Consider that the origin is a fix point of a discrete dynamical system $x^{(n+1)}=F(x^{(n)})$, defined in the whole $\mathbb R^m.$ LaSalle, in his book of 1976, [13], proposes to study several conditions which might imply global attraction. One of his suggestions is to write $F(x)=A(x)x$, where $A(x)$ is a real $m\times m$ matrix, and to assume that all the eigenvalues of eigenvalues of $A(x)$, for all $x\in \mathbb R^m$, have modulus smaller than one.

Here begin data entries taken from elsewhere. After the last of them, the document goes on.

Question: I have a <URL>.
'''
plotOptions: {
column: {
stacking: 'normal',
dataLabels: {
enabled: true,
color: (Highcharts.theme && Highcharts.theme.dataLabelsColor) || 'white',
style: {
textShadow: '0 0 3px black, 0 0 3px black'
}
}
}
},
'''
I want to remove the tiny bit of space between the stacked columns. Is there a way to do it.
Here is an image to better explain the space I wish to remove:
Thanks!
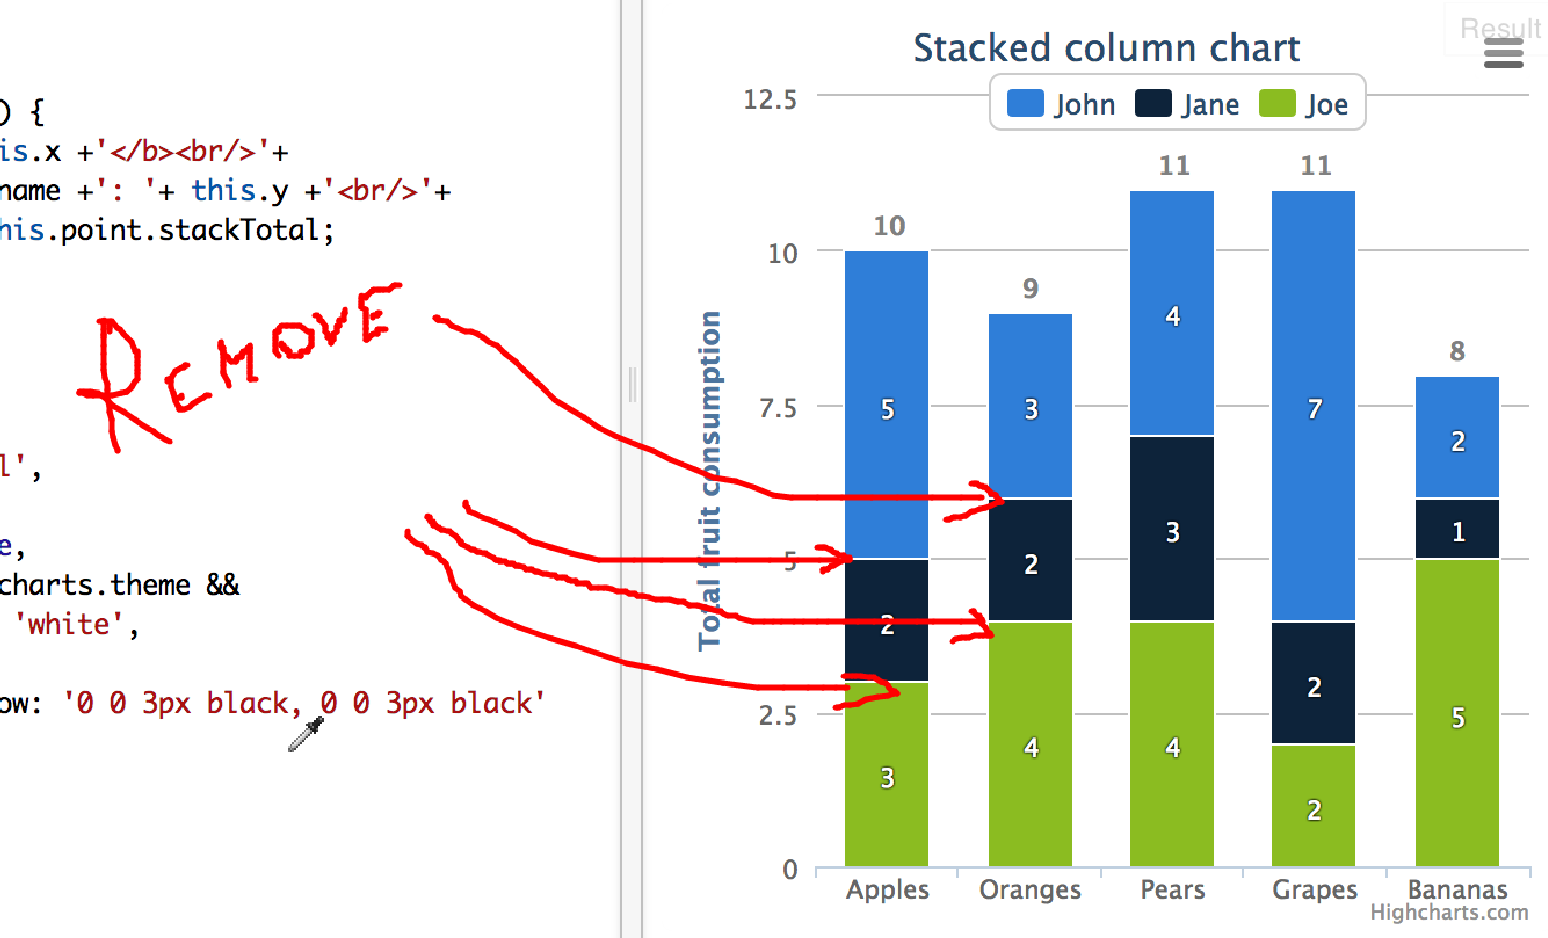
Answer: Set the <URL> to 0:
'''
plotOptions: {
column: {
borderWidth: 0,
...
}
'''

In the paper [4], Cima et al. show that, when $m\ge2$, such hypothesis does not guarantee that the origin is a global attractor, even for polynomial maps $F$. From the observation that the decomposition of $F(x)$ as $A(x)x$ is not unique, in this paper we wonder whether LaSalle condition, for a special and canonical choice of $A,$ forces the origin to be a global attractor. This canonical choice is given by $A_c(x)=\int_0^1 DF(sx) ds,$ where the integration of the matrix $DF(x)$ is made term by term. In fact, we prove that LaSalle condition for $A_c(x)$ is a sufficient condition to get the global attraction of the origin when $m=1,$ or when $m=2$ and $F$ is polynomial. We also show that this is no more true for $m=2$ when $F$ is a rational map or when $m\ge3.$ Finally we consider the equivalent question for ordinary differential equations.